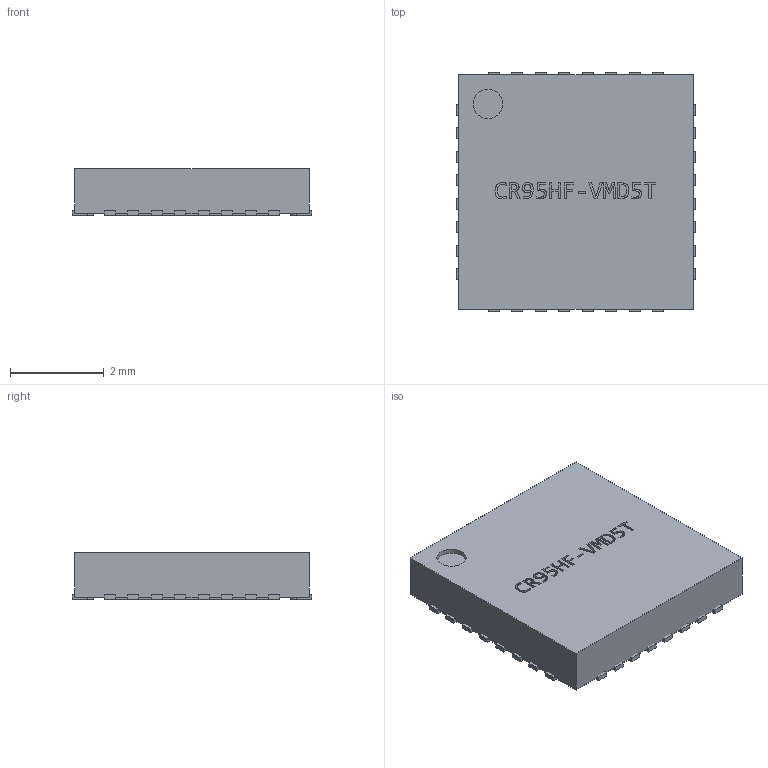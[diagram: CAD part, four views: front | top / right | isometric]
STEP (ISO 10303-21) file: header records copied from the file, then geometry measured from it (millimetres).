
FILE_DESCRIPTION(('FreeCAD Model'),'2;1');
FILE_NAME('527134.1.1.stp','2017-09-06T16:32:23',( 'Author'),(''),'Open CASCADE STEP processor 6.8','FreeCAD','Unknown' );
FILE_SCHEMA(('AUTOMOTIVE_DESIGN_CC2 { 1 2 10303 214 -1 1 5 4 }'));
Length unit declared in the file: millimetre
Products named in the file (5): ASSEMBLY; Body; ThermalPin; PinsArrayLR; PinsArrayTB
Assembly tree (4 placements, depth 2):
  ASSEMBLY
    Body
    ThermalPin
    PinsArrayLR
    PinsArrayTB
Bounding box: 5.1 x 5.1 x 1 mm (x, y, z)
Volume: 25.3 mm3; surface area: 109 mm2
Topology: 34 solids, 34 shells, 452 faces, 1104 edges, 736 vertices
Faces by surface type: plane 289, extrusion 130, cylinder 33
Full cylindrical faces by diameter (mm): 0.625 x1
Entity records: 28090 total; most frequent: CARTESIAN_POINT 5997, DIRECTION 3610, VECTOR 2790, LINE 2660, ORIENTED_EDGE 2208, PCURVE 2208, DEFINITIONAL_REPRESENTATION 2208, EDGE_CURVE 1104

- **INSTRUCTIONS FOR THE TASK**
Reproduce all the entries above exactly. Include no images.

- **RESULT BELOW**
[diagram: CAD part, four views: front | top / right | isometric]
STEP (ISO 10303-21) file: header records copied from the file, then geometry measured from it (millimetres).
FILE_DESCRIPTION(('FreeCAD Model'),'2;1');
FILE_NAME('527134.1.1.stp','2017-09-06T16:32:23',( 'Author'),(''),'Open CASCADE STEP processor 6.8','FreeCAD','Unknown' );
FILE_SCHEMA(('AUTOMOTIVE_DESIGN_CC2 { 1 2 10303 214 -1 1 5 4 }'));
Length unit declared in the file: millimetre
Products named in the file (5): ASSEMBLY; Body; ThermalPin; PinsArrayLR; PinsArrayTB
Assembly tree (4 placements, depth 2):
  ASSEMBLY
    Body
    ThermalPin
    PinsArrayLR
    PinsArrayTB
Bounding box: 5.1 x 5.1 x 1 mm (x, y, z)
Volume: 25.3 mm3; surface area: 109 mm2
Topology: 34 solids, 34 shells, 452 faces, 1104 edges, 736 vertices
Faces by surface type: plane 289, extrusion 130, cylinder 33
Full cylindrical faces by diameter (mm): 0.625 x1
Entity records: 28090 total; most frequent: CARTESIAN_POINT 5997, DIRECTION 3610, VECTOR 2790, LINE 2660, ORIENTED_EDGE 2208, PCURVE 2208, DEFINITIONAL_REPRESENTATION 2208, EDGE_CURVE 1104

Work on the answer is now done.